Given information |
----

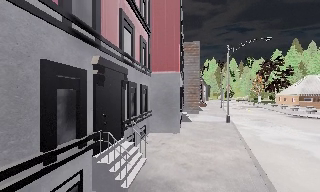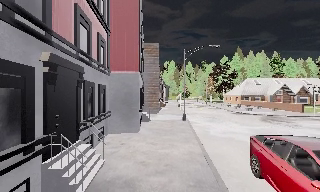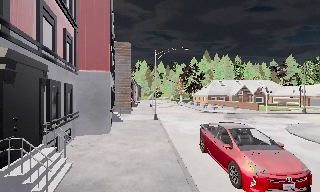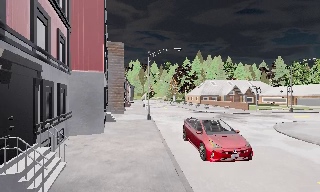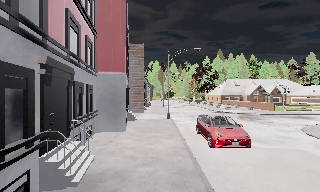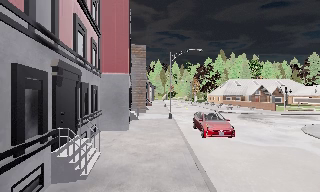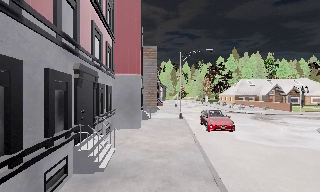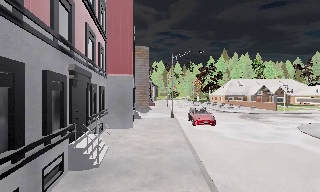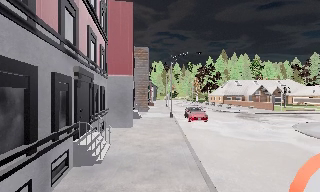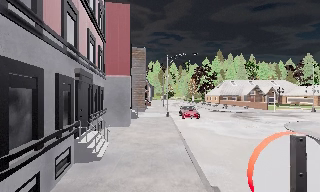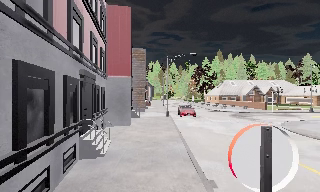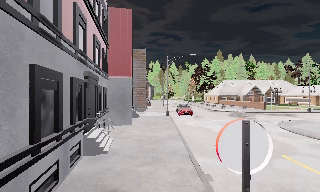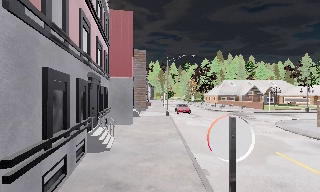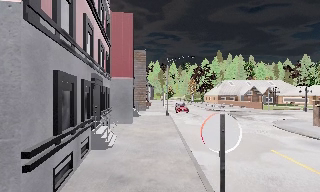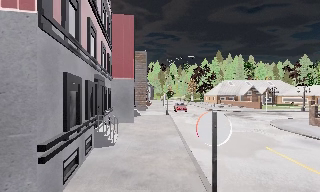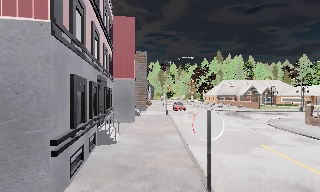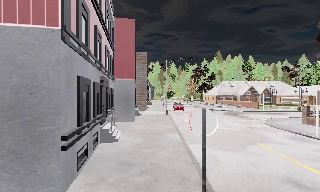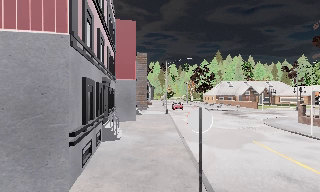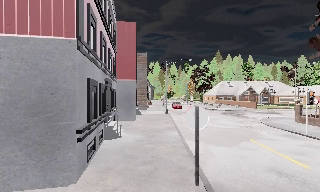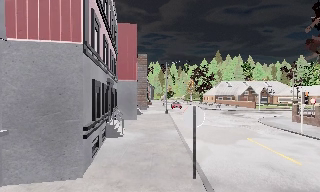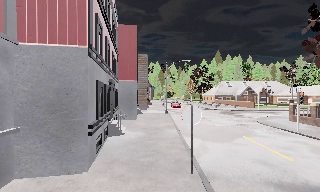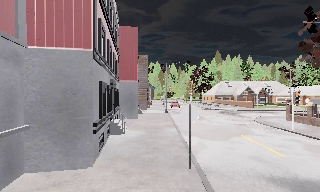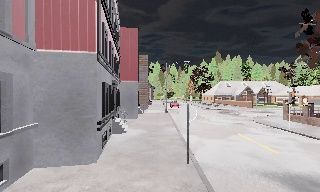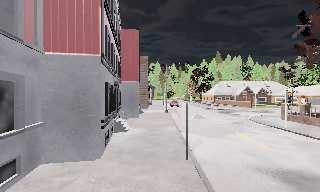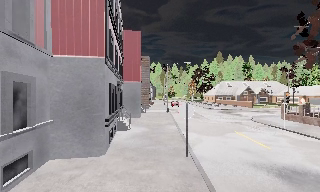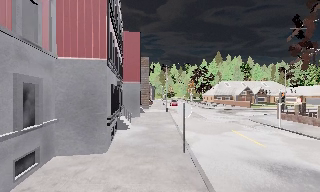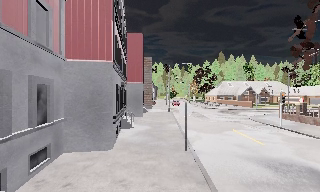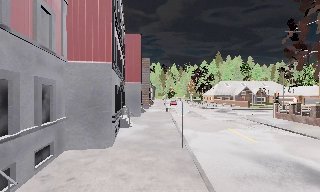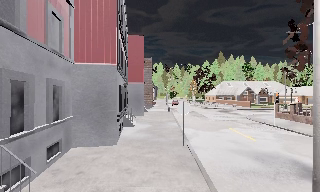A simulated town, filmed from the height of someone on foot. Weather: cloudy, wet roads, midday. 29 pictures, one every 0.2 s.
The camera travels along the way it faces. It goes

----

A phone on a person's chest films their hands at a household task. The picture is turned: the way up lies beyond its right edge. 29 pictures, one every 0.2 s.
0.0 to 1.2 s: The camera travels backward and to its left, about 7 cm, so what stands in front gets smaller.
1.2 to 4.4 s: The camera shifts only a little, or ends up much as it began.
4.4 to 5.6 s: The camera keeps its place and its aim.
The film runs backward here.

----

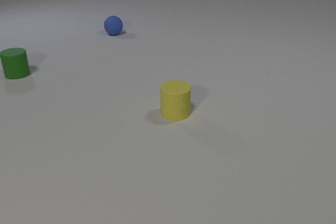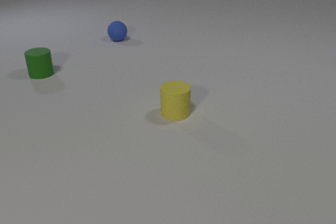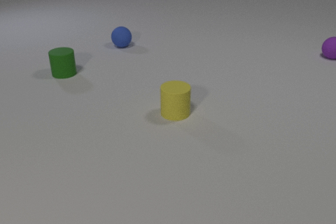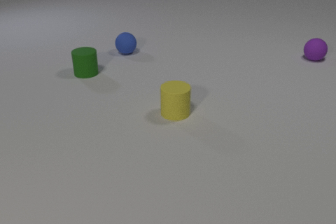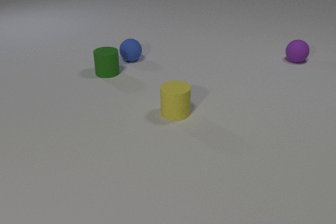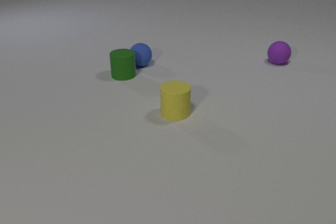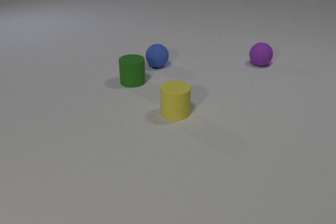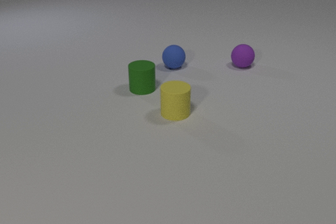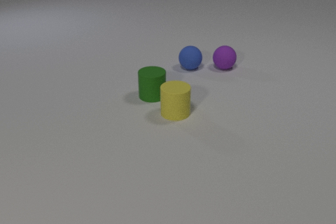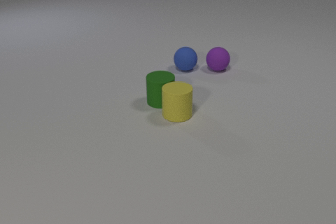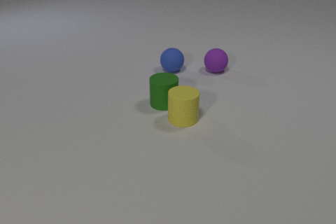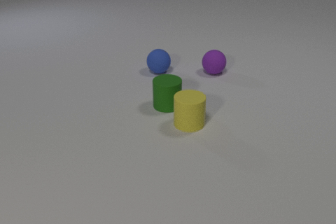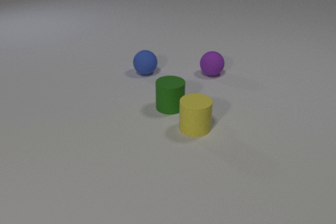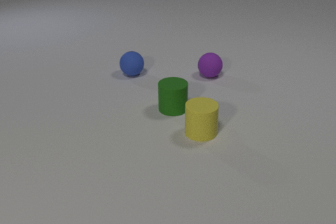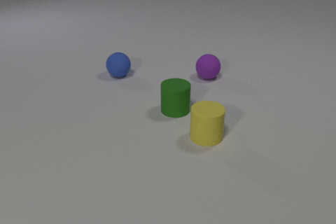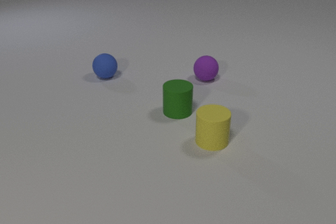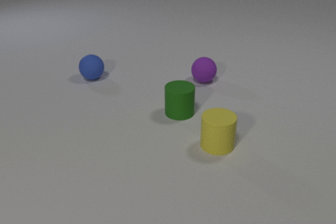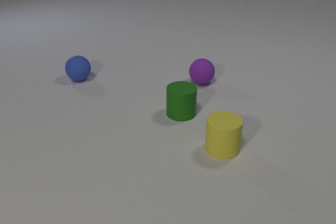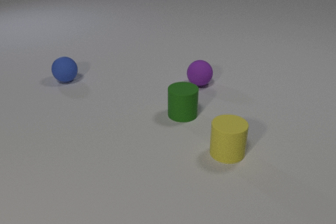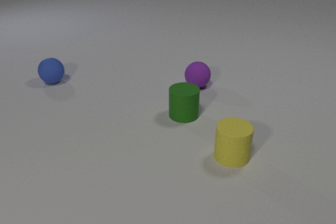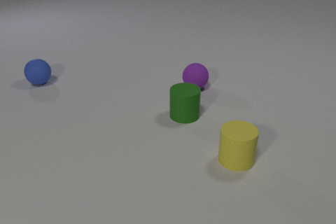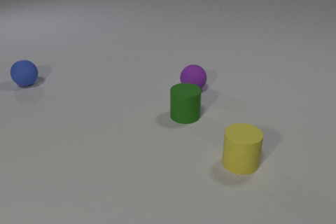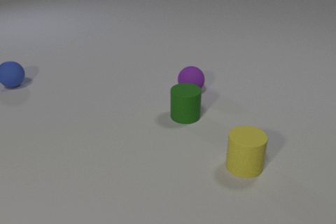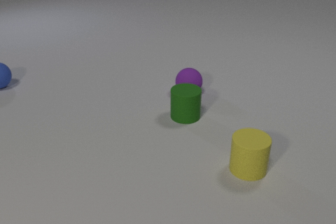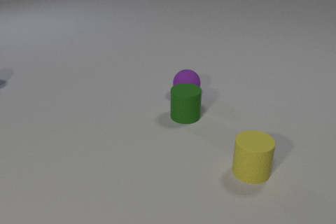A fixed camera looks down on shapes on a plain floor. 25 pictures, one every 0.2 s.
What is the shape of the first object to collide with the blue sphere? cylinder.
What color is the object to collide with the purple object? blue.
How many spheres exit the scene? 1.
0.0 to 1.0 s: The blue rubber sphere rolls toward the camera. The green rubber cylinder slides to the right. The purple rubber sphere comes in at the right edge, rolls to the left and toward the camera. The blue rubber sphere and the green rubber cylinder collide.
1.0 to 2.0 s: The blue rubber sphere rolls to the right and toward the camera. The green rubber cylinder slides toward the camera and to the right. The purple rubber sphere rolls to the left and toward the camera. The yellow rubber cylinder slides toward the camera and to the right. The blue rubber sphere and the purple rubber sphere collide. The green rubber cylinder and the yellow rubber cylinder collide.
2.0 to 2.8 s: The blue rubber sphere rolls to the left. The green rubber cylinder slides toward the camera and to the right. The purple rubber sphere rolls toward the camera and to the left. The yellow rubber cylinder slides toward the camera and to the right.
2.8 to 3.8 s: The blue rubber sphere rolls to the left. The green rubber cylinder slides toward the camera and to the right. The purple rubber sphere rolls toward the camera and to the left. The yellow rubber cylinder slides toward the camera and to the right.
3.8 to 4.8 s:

----

Above is the material; set down exactly its lines from the one containing "A simulated town, filmed" down to the one containing "The camera travels along", both included, leaving out any pictures.

Solution for this problem |
A simulated town, filmed from the height of someone on foot. Weather: cloudy, wet roads, midday. 29 pictures, one every 0.2 s.
The camera travels along the way it faces. It goes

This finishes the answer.